TASK INPUT
----

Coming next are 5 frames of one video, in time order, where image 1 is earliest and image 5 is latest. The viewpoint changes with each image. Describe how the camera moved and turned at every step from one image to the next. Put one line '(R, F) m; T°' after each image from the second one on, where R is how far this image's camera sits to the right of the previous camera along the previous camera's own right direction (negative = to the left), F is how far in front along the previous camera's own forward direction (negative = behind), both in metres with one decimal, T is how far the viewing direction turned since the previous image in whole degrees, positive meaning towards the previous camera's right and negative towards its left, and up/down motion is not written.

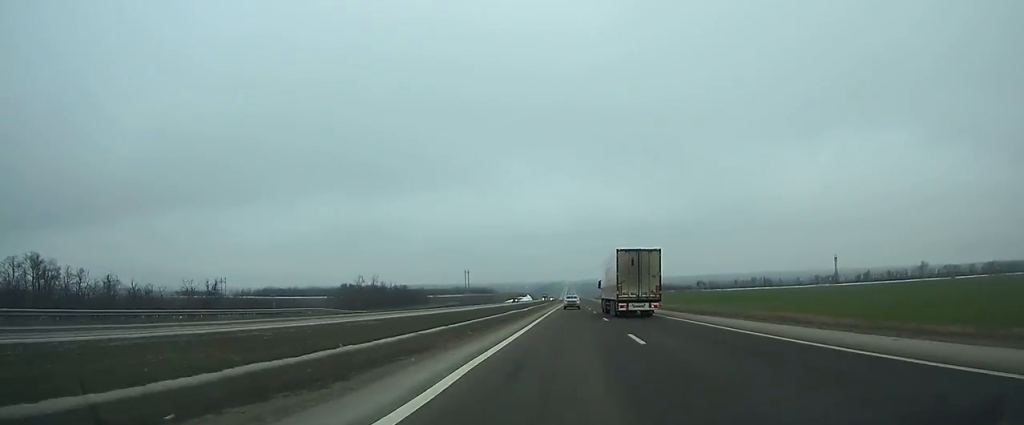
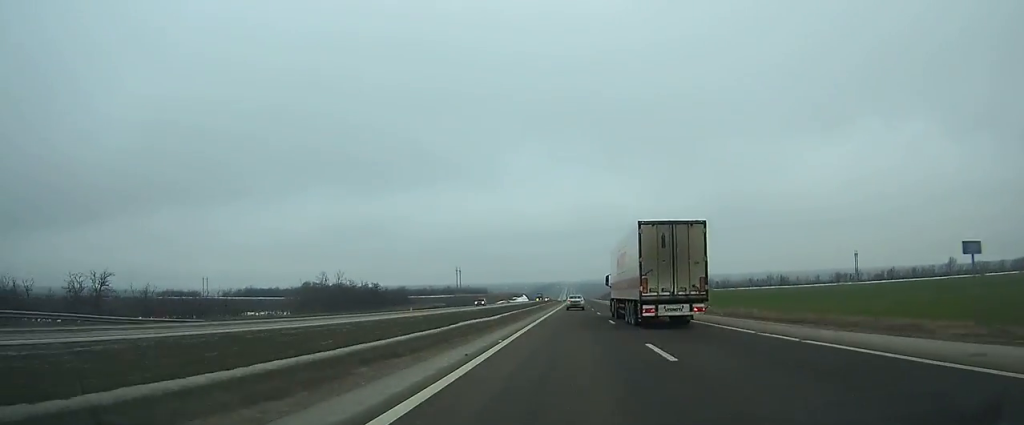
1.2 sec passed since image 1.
(0.0, +36.3) m; 0°
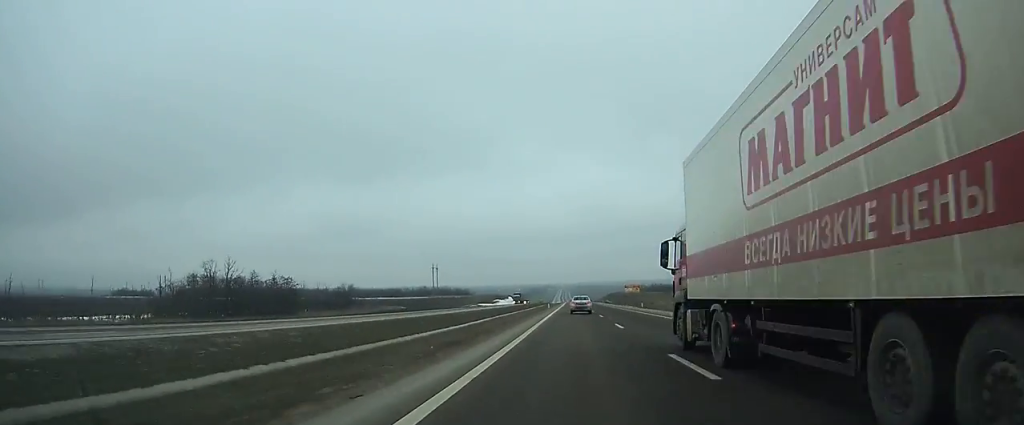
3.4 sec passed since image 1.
(+0.1, +66.4) m; +1°
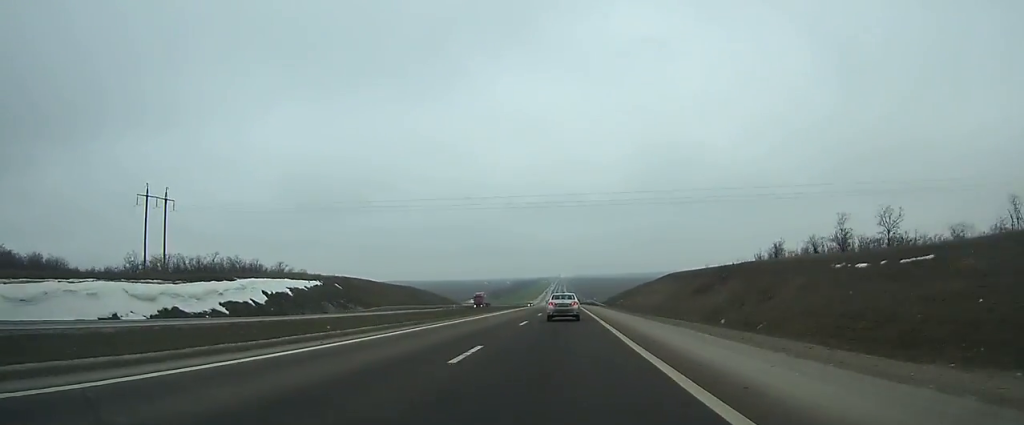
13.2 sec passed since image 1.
(+3.4, +282.2) m; 0°
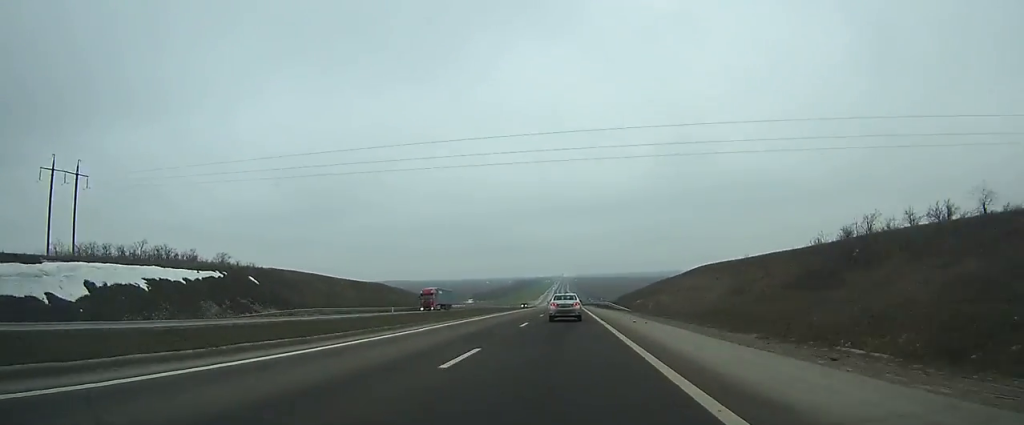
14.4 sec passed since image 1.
(-0.1, +32.7) m; 0°

----

TO DO
Leaving out the pictures, repeat all the entries exactly as they stand.

YOUR RESPONSE
Coming next are 5 frames of one video, in time order, where image 1 is earliest and image 5 is latest. The viewpoint changes with each image. Describe how the camera moved and turned at every step from one image to the next. Put one line '(R, F) m; T°' after each image from the second one on, where R is how far this image's camera sits to the right of the previous camera along the previous camera's own right direction (negative = to the left), F is how far in front along the previous camera's own forward direction (negative = behind), both in metres with one decimal, T is how far the viewing direction turned since the previous image in whole degrees, positive meaning towards the previous camera's right and negative towards its left, and up/down motion is not written.

1.2 sec passed since image 1.
(0.0, +36.3) m; 0°
3.4 sec passed since image 1.
(+0.1, +66.4) m; +1°
13.2 sec passed since image 1.
(+3.4, +282.2) m; 0°
14.4 sec passed since image 1.
(-0.1, +32.7) m; 0°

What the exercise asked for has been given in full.